II. Making the laser beam (2.1) emitted by the means (2) for generating and orienting the laser beam (2.1) impinge on a second means (3.2) for detecting the laser beam (2.1) and sending the signal detected to control means (6);

III. Determining the possible displacement of the position of the support means (3) with respect to the theoretical position of reference with the control means (6) that have received the signals detected by the detection means (3.2);

IV. Making a laser beam (2.1) emitted by the means (2) for generating and orienting the laser beam (2.1) impinge on the vehicle part (5) to be marked in order to mark a decorative and/or indicative motif (7) on said part (5) to be marked, until completing this action.

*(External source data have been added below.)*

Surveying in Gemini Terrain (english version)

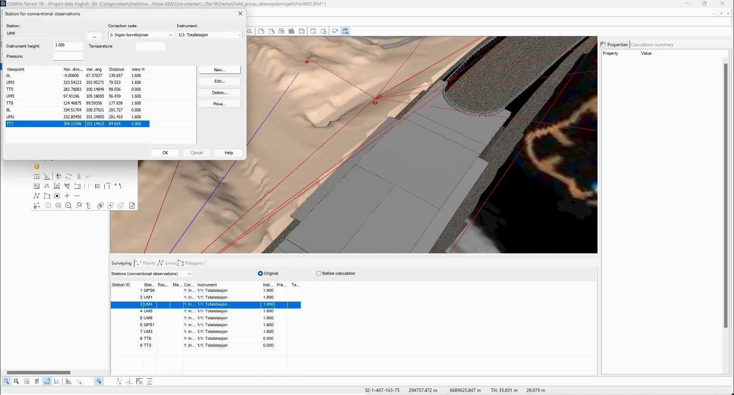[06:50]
see it's TT7 and I can set up with a view height of 1.6 it's like that and we can check
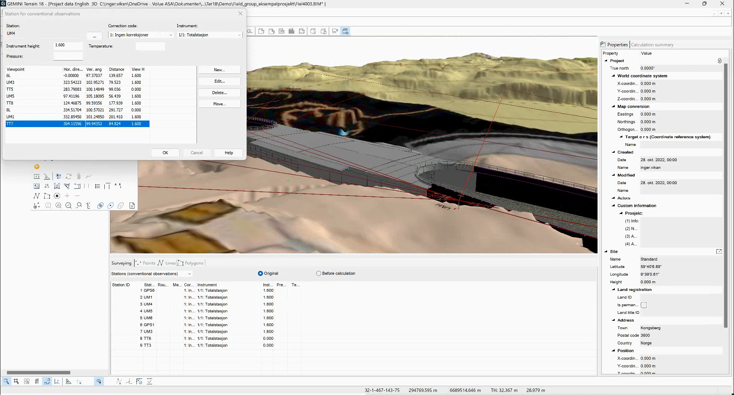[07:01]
that we actually can see between these two looks okay
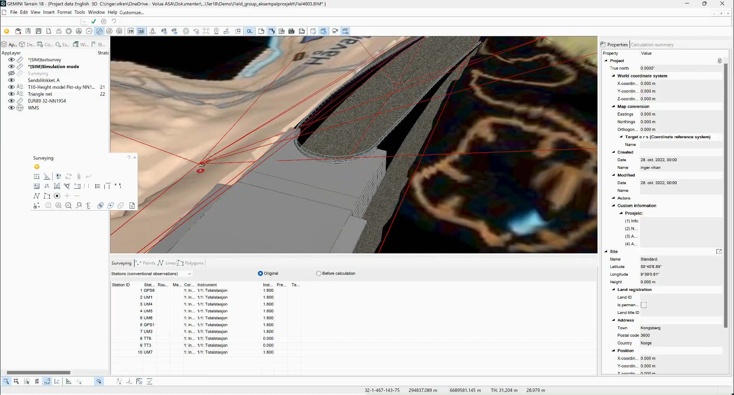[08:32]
one here you might want to adjust it a little bit as it's the height or whatever but we can also just go to the point

Process for marking decorative and/or indicative motifs on vehicle parts by projecting a laser beam according to claim 9 characterised in that it comprises a stage V for making the laser beam (2.1) emitted by the means (2) for generating and orienting the laser beam (2.1) impinge on a third means (3.2) for detecting the laser beam (2.1) and sending the signal detected to control means (6).
Process for marking decorative and/or indicative motifs on vehicle parts by projecting a laser beam according to claim 10 characterised in that the stages in which the laser beam (2.1) impinges on at least a first detection means (3.2), a second detection means (3.2) and a third detection means (3.2) allow determining the possible displacement of the relative position in space of the support means (3) with respect to the generation and orientation means (2), compared to a theoretical relative position of reference using control means (6) that have received the signals detected by the detection means (3.2).
Process for marking decorative and/or indicative motifs on vehicle parts by projecting a laser beam according to claims 9 or 10 characterised in that the intensity of the laser beam (2.1) is measured in the stages I, II, V or any combination thereof, such that the detection of the intensity can be performed before and/or after the stage IV.
Process for marking decorative and/or indicative motifs on vehicle parts by projecting a laser beam according to any of claims 9 or 10 characterised in that in at least one of the stages I, II, or V, in which the laser beam (2.1) impinges on at least one of the detection means (3.2), the completion is detected of the marking operation of the motif (7) on the part (5) to be marked, and in that at least one of these stages I, II, o V is carried out after the stage IV in which the laser beam (2.1) impinges on the part (5) to mark has finished.
Process for marking decorative and/or indicative motifs on vehicle parts by projecting a laser beam according to any of claims 9 or 10 characterised in that the laser beam (2.1) follows a path defined by two segments, a first segment (A) in which stages I and II or stages I, II and V are carried out, in each of which the laser beam (2.1) impinges on at least a first detection means (3.2) and on at least a second detection means (3.2), such that said first segment (A) is followed before the stage IV in which the laser beam (2.1) impinges on the part to mark, and a second segment (B) in which stage IV is carried out, in which the laser beam (2.1) impinges on the part (5) to mark.
Process for marking decorative and/or indicative motifs on vehicle parts by projecting a laser beam according to any of claims 9 or 10 characterised in that the laser beam (2.1) follows a path defined by three segments, a first segment (A) in which at least one of stages I, II or V is carried out, wherein the laser beam (2.1) impinges on at least one detection means (3.2), performed before stage IV in which the laser beam (2.1) impinges on the part (5) to mark, a second segment (B) in which stage IV is carried out, wherein the laser beam (2.1) impinges on the part (5) to mark and a third stage (C) in which at least one of stages I, II or V is carried out, wherein the laser beam (2.1) impinges on at least one detection means (3.2), performed after stage IV in which the laser beam (2.1) impinges on the part (5) to mark.
Process for marking decorative and/or indicative motifs on vehicle parts by projecting a laser beam according to any of the previous claims characterised in that the detection means (3.2) are formed by temperature sensors or light intensity sensors.